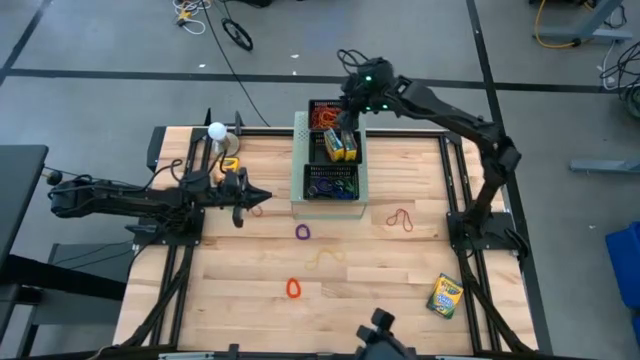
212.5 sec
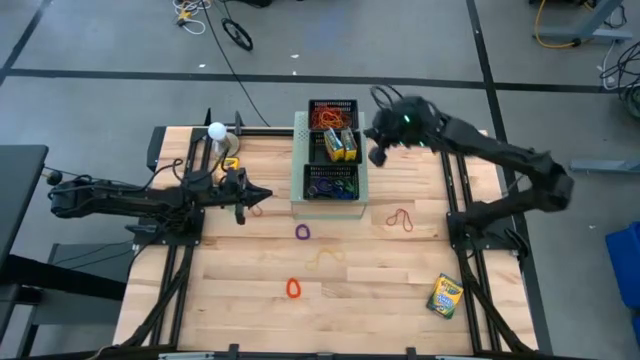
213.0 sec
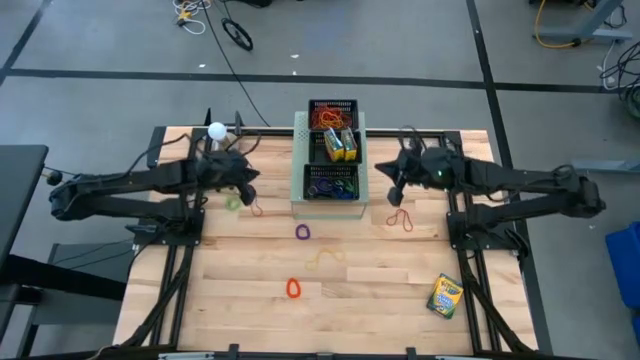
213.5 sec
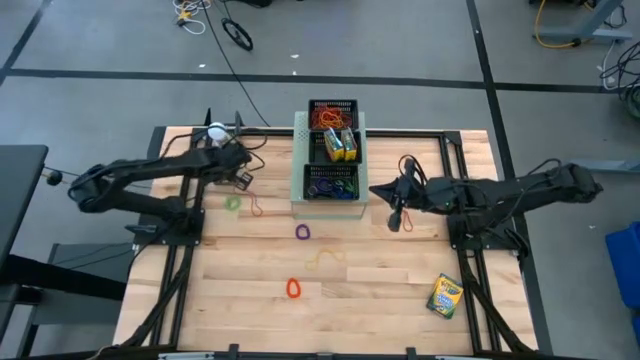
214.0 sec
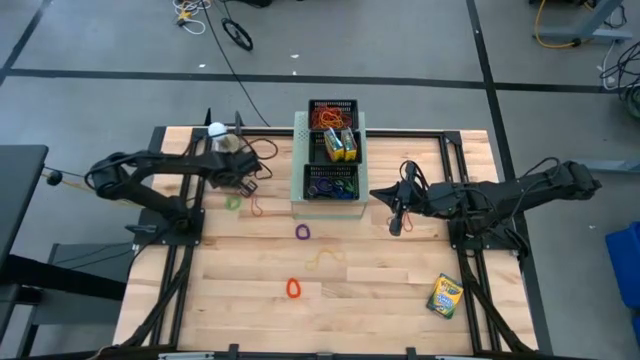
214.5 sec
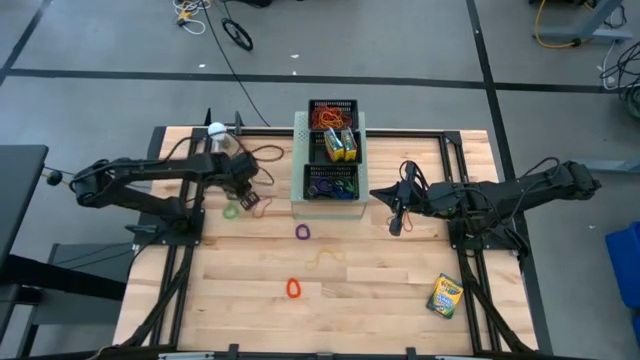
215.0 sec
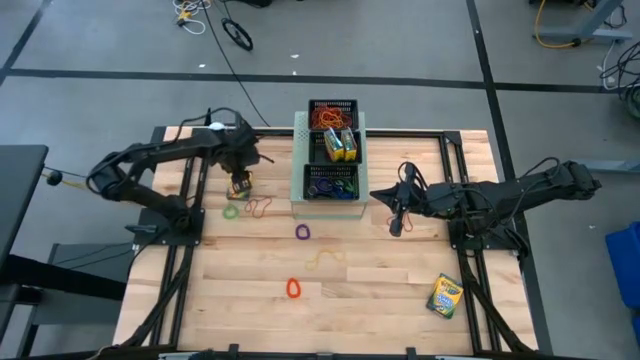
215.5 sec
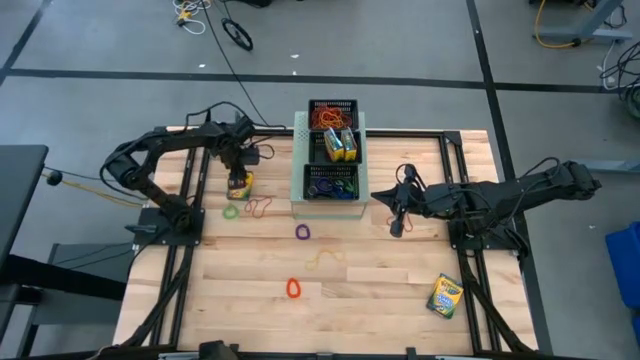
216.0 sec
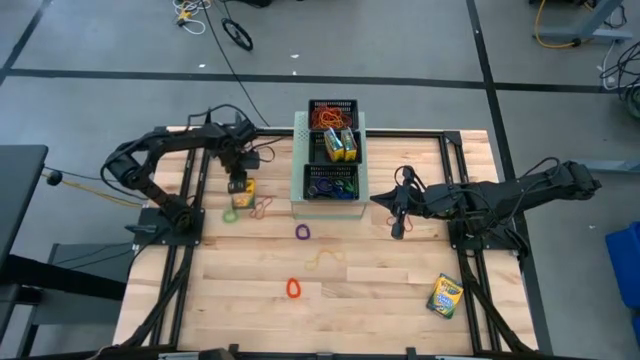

EXERCISE DETAILS » Could you retype the records above exactly, omitting the pictures?

RESPONSE FOR THIS EXERCISE »
212.5 sec
213.0 sec
213.5 sec
214.0 sec
214.5 sec
215.0 sec
215.5 sec
216.0 sec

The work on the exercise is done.